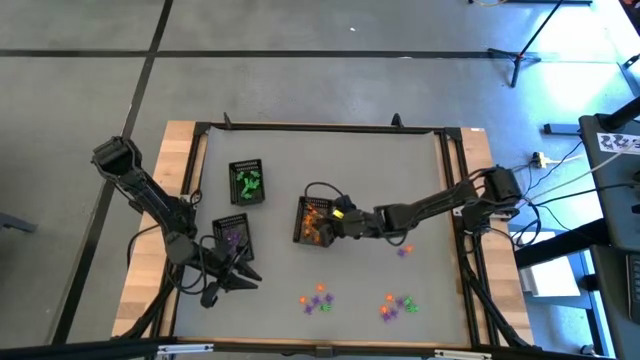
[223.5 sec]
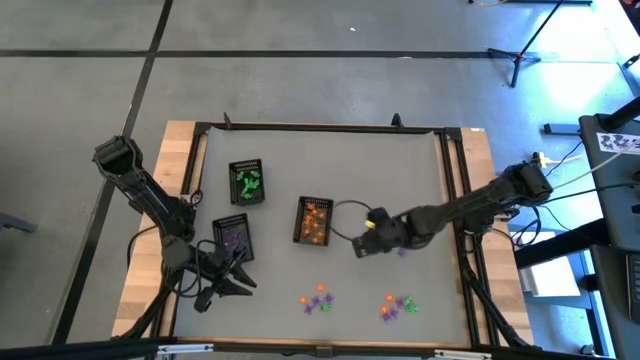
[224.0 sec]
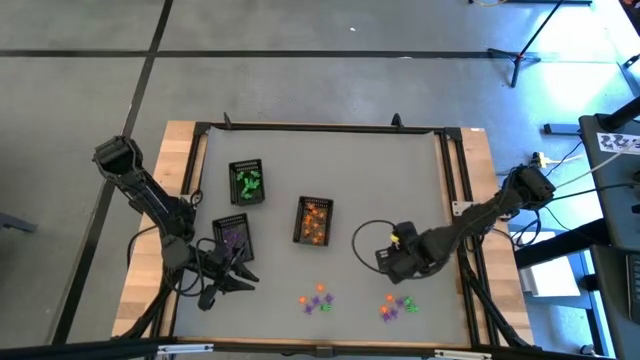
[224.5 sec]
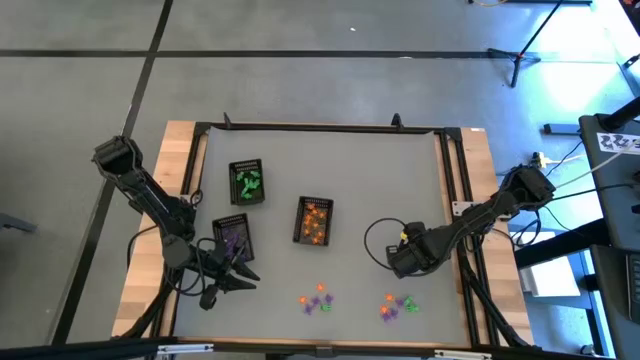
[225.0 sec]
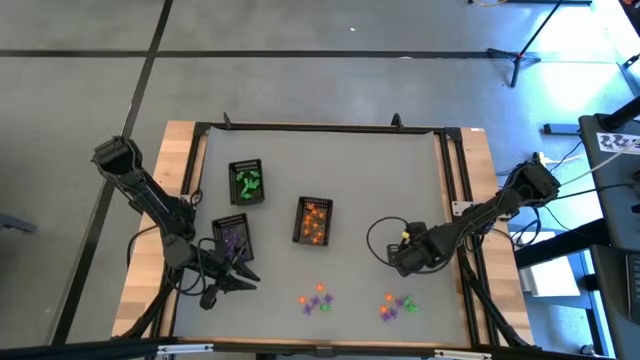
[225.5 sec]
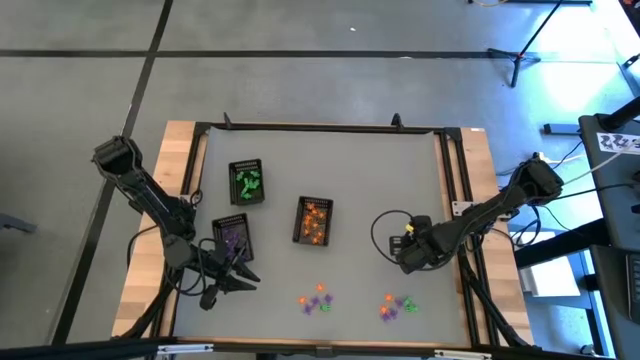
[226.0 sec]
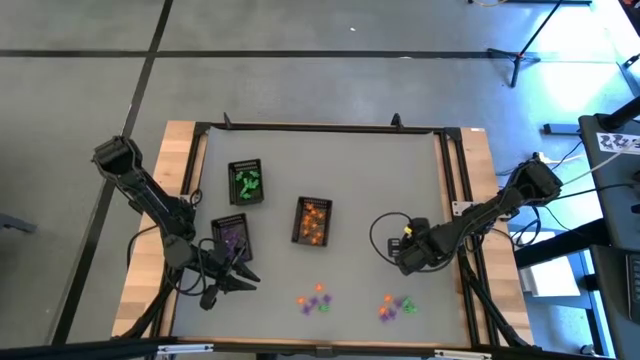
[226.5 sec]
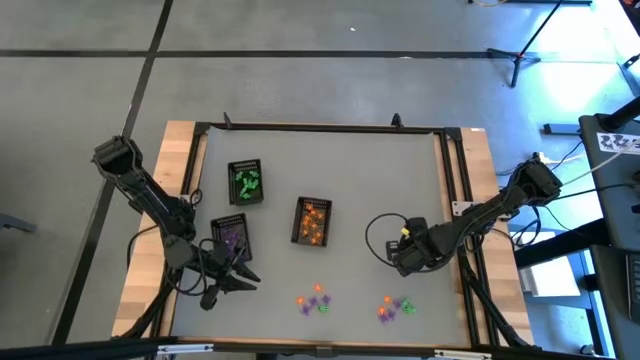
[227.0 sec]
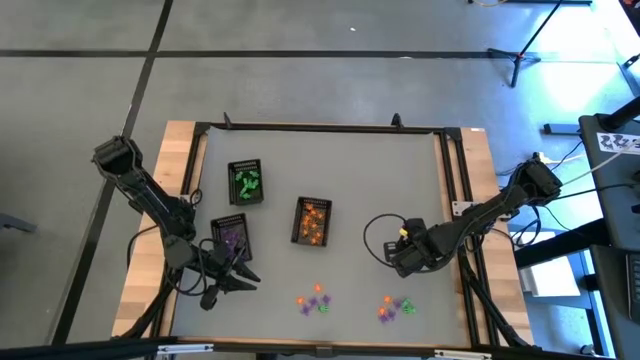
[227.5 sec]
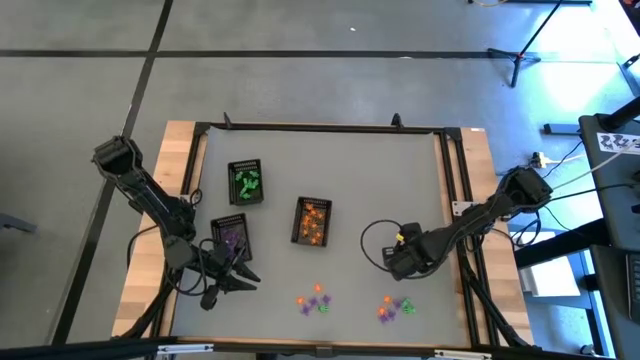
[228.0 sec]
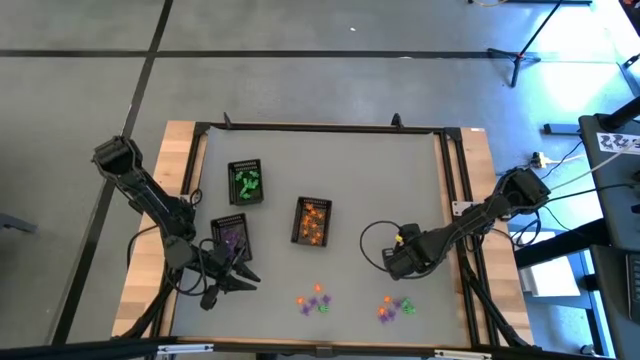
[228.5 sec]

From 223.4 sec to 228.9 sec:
Task: Sort Halloween decoration
Put the orange spider toy into the bottom right black basket

—————

→ ASSIGNMENT:
Write the listing out again in full and unchanged, minus any pictures.

→ WRITTEN RESPONSE:
[223.5 sec]
[224.0 sec]
[224.5 sec]
[225.0 sec]
[225.5 sec]
[226.0 sec]
[226.5 sec]
[227.0 sec]
[227.5 sec]
[228.0 sec]
[228.5 sec]

From 223.4 sec to 228.9 sec:
Task: Sort Halloween decoration
Put the orange spider toy into the bottom right black basket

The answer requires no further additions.